Abstract Quality in Complementary and Alternative Medicine Papers: A Structural and Cross-Generic Analysis


In our increasingly busy world where researchers and academics are inundated by scholarly journals and, to a lesser extent, by books, efficient and effective literature searching is essential for the professional. It has indeed been established that physicians perceive periodicals, and, more specifically, scientific research articles, to be the most valuable and available source of information and their main channel for their on-going education and for distributing new knowledge worldwide (e.g. Leventhal 2011; Publishing Research Consortium 2011), but because of the tremendous growth in the number of periodicals published and the interdisciplinary nature of research, no professional can take the time to survey the literature.

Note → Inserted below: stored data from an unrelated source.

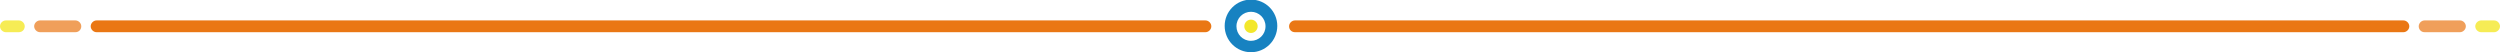 <?xml version="1.0" encoding="utf-8"?>
<!-- Generator: Adobe Illustrator 16.0.0, SVG Export Plug-In . SVG Version: 6.00 Build 0)  -->
<!DOCTYPE svg PUBLIC "-//W3C//DTD SVG 1.1//EN" "http://www.w3.org/Graphics/SVG/1.1/DTD/svg11.dtd">
<svg version="1.1" id="Capa_1" xmlns="http://www.w3.org/2000/svg" xmlns:xlink="http://www.w3.org/1999/xlink" x="0px" y="0px"
	 width="636.7px" height="13.3px" viewBox="0 0 636.7 13.3" style="enable-background:new 0 0 636.7 13.3;" xml:space="preserve">
<path style="fill:#EA7714;" d="M329.8,8.2h282.3c0.8,0,1.5-0.7,1.5-1.5s-0.7-1.5-1.5-1.5H329.8c-0.8,0-1.5,0.7-1.5,1.5
	S328.9,8.2,329.8,8.2z"/>
<path style="opacity:0.7;fill:#EA7714;" d="M617.5,8.2h9c0.8,0,1.5-0.7,1.5-1.5s-0.7-1.5-1.5-1.5h-9c-0.8,0-1.5,0.7-1.5,1.5
	S616.6,8.2,617.5,8.2z"/>
<path style="opacity:0.8;fill:#F3E72B;" d="M631.9,8.2h3.3c0.8,0,1.5-0.7,1.5-1.5s-0.7-1.5-1.5-1.5h-3.3c-0.8,0-1.5,0.7-1.5,1.5
	S631.1,8.2,631.9,8.2z"/>
<path style="fill:#EA7714;" d="M307,8.2H24.6c-0.8,0-1.5-0.7-1.5-1.5s0.7-1.5,1.5-1.5H307c0.8,0,1.5,0.7,1.5,1.5S307.8,8.2,307,8.2z
	"/>
<path style="opacity:0.7;fill:#EA7714;" d="M19.2,8.2h-9c-0.8,0-1.5-0.7-1.5-1.5s0.7-1.5,1.5-1.5h9c0.8,0,1.5,0.7,1.5,1.5
	S20.1,8.2,19.2,8.2z"/>
<path style="opacity:0.8;fill:#F3E72B;" d="M4.8,8.2H1.5C0.7,8.2,0,7.5,0,6.7s0.7-1.5,1.5-1.5h3.3c0.8,0,1.5,0.7,1.5,1.5
	S5.7,8.2,4.8,8.2z"/>
<path style="fill:#1782C1;" d="M318.6,13.3c-3.7,0-6.7-3-6.7-6.7c0-3.7,3-6.7,6.7-6.7c3.7,0,6.7,3,6.7,6.7
	C325.3,10.3,322.3,13.3,318.6,13.3z M318.6,3c-2,0-3.7,1.6-3.7,3.7c0,2,1.6,3.7,3.7,3.7c2,0,3.7-1.6,3.7-3.7
	C322.3,4.6,320.6,3,318.6,3z"/>
<circle style="fill:#F3E72B;" cx="318.6" cy="6.7" r="1.7"/>
</svg>

More than twenty years ago, the Louis Harris poll (1987) carried out for the New York Academy of Medicine and the Williamson et al. survey (1989) both concluded that journal literature was seen as having an “unmanageable” size. This assertion is all the more true today when, worldwide, the number of scientific journals and published papers is increasing, thanks in large part to the rise of electronic publishing (Science Daily 2008). It is estimated that 2.5 million articles are published yearly in the planet’s 25,000 peer-reviewed research journals across all scholarly and scientific fields (Harnad 2011), representing a 44% increase in the number of papers published over the past decade (van...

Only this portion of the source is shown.